(Stored dataset items)
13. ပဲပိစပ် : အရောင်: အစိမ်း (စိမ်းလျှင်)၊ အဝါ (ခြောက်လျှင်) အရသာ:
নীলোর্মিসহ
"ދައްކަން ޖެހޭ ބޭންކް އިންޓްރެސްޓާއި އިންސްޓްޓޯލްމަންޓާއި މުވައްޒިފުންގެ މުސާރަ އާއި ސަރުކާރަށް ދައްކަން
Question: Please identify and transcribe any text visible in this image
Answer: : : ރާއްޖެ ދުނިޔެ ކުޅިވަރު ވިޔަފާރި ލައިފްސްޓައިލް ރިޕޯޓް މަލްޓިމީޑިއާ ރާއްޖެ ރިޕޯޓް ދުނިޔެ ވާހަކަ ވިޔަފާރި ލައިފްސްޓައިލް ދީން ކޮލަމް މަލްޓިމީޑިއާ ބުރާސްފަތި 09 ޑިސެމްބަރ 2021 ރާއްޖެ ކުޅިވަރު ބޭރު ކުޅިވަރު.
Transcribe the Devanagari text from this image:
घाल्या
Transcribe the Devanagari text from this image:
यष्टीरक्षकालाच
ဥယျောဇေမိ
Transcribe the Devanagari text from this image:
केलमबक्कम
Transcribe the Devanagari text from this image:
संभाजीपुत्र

...

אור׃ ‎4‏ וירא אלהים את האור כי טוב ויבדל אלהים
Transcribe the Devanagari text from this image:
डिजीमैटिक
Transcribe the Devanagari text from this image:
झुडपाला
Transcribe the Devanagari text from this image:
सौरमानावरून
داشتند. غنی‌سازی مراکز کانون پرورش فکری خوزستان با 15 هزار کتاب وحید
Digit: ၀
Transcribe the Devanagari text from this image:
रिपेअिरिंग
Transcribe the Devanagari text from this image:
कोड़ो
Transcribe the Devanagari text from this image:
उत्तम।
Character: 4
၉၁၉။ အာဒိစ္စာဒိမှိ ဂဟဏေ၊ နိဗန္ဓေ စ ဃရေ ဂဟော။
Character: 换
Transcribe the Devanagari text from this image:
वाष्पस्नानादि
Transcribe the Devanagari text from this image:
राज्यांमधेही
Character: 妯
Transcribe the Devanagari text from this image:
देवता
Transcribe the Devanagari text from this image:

** Exercise objective **
Please give back, exactly as it stands above, the stretch from the line with "Question: Please identify" through the line with "Answer: : : ރާއްޖެ", and no line outside it.

** Exercise answer **
Question: Please identify and transcribe any text visible in this image
Answer: : : ރާއްޖެ ދުނިޔެ ކުޅިވަރު ވިޔަފާރި ލައިފްސްޓައިލް ރިޕޯޓް މަލްޓިމީޑިއާ ރާއްޖެ ރިޕޯޓް ދުނިޔެ ވާހަކަ ވިޔަފާރި ލައިފްސްޓައިލް ދީން ކޮލަމް މަލްޓިމީޑިއާ ބުރާސްފަތި 09 ޑިސެމްބަރ 2021 ރާއްޖެ ކުޅިވަރު ބޭރު ކުޅިވަރު.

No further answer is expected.